Parchive/par2cmdline

A better error correcting code

vapniks opened this issue · 5 comments

Just throwing this out there in case anyone's interested.
New mathematical research finds better error correcting codes: https://www.quantamagazine.org/researchers-defeat-randomness-to-create-ideal-code-20211124/

Yeah, I saw that. I couldn't make heads or tails of it.

If you can explain it and its value to our users, I'm all ears.

@vapniks If you can explain it and its value to our users, I'm all ears.

I don't know the details of the algorithm, but on page 2 of that paper it says it can produce, for any given code rate (proportion of data bits to total bits), good error correcting codes that are almost optimal wrt the Gilbert-Varshamov bound: https://en.wikipedia.org/wiki/Gilbert%E2%80%93Varshamov_bound
So I guess this probably means using this algorithm you could squeeze more data onto the disk than a Reed-Solomon code with the same error-correcting ability.
Sorry I can't offer any more help, but perhaps the authors of that paper might be able to assist if anyone is thinking of trying to implement it.

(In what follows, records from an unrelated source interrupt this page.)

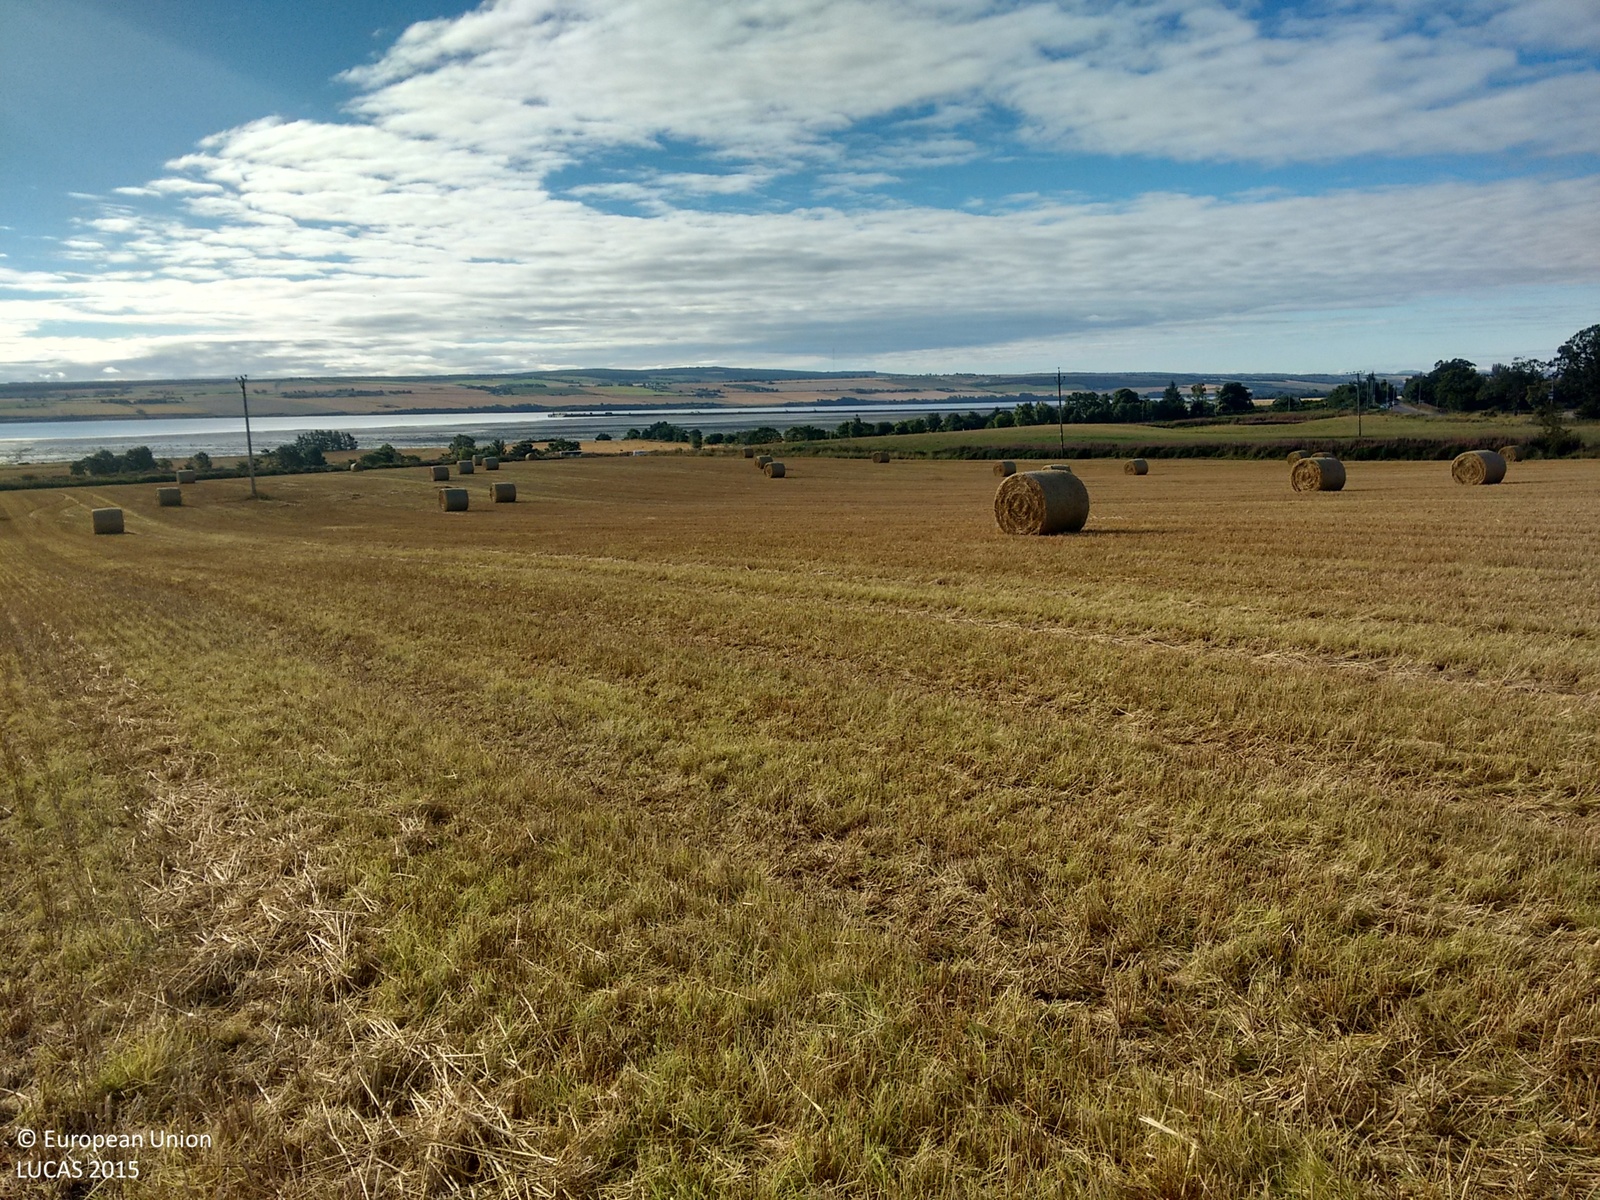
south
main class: Cropland
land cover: Common wheat
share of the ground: > 75 %
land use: Agriculture (excluding fallow land and kitchen gardens)
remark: Harvested field
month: September
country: GB
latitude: 57.6880
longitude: -4.2927
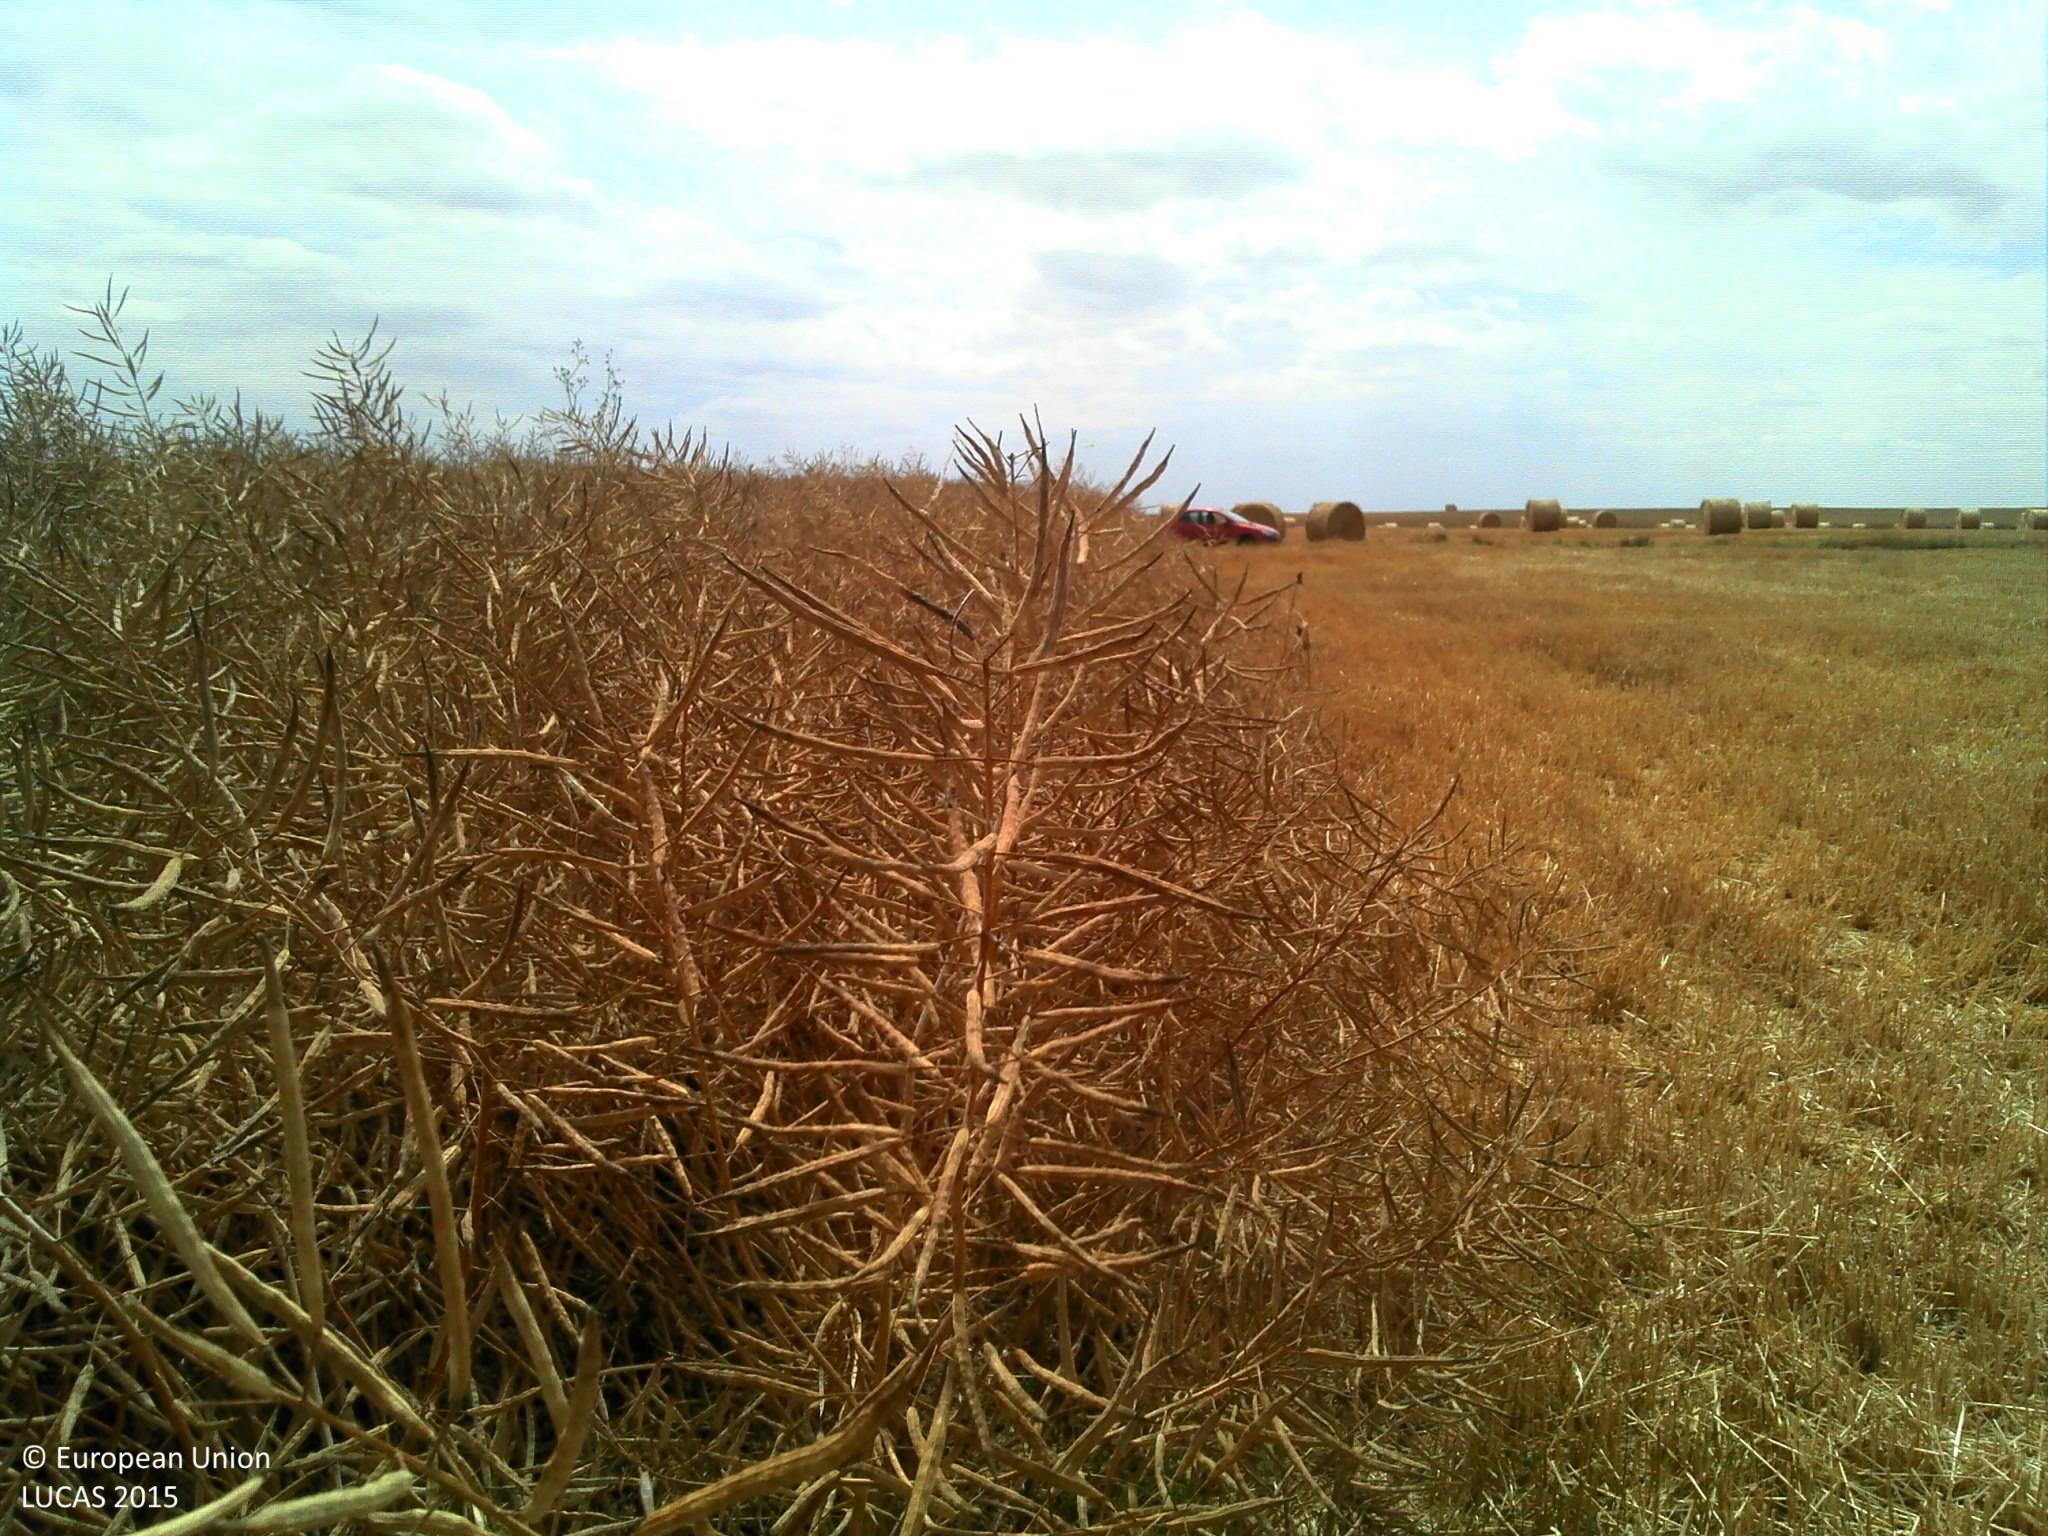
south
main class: Cropland
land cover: Rape and turnip rape
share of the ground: > 75 %
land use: Agriculture (excluding fallow land and kitchen gardens)
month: July
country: FR
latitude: 48.4707
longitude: 1.2300
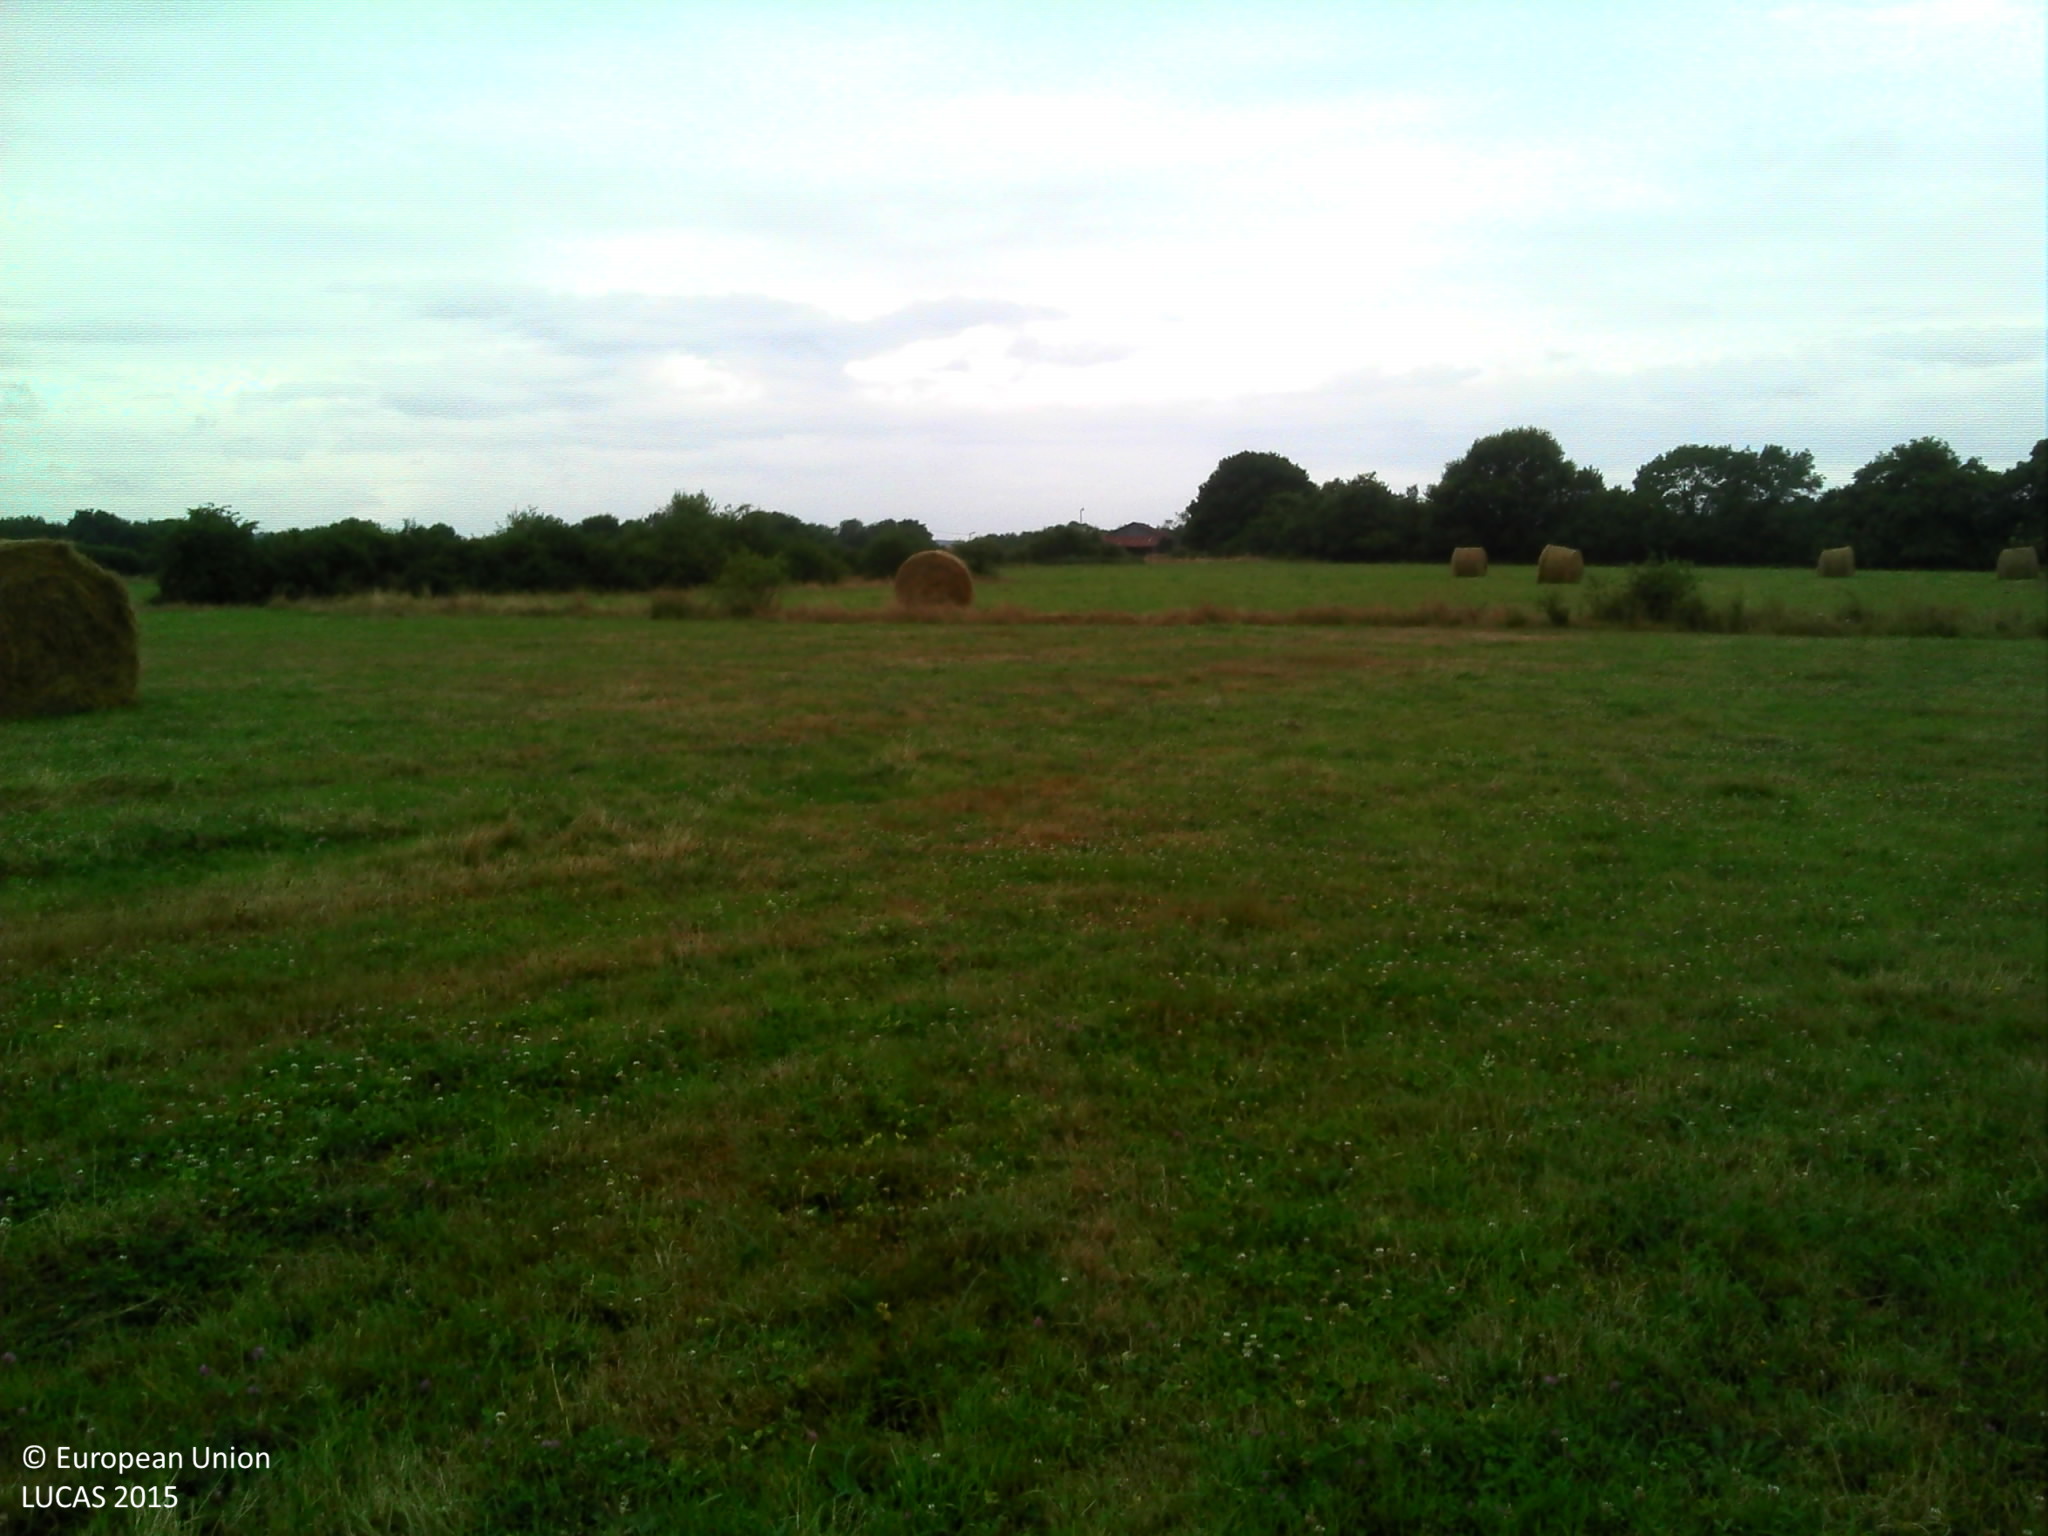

Reed-Solomon is optimal when it comes to error-correcting ability for a given block size. With K recovery blocks, you can always recover K or fewer errors.

And, in fact, for large K, a random code gets very very close to that bound. Turbocodes and some others are based around the idea that a random code gets very very close to that bound.

The Quanta article talks and the paper say the big difference with this code is that it is a locally testable code. I'm not sure exactly what that means. I think it means that you can look at a handful of bytes in a block and be pretty sure if it is good or bad. Or, it may mean that looking at a few bytes will tell you if the whole input set is recoverable. I'm not sure.

Thanks for letting us know about it. But I don't think we'll be including it in Parchive 3.0.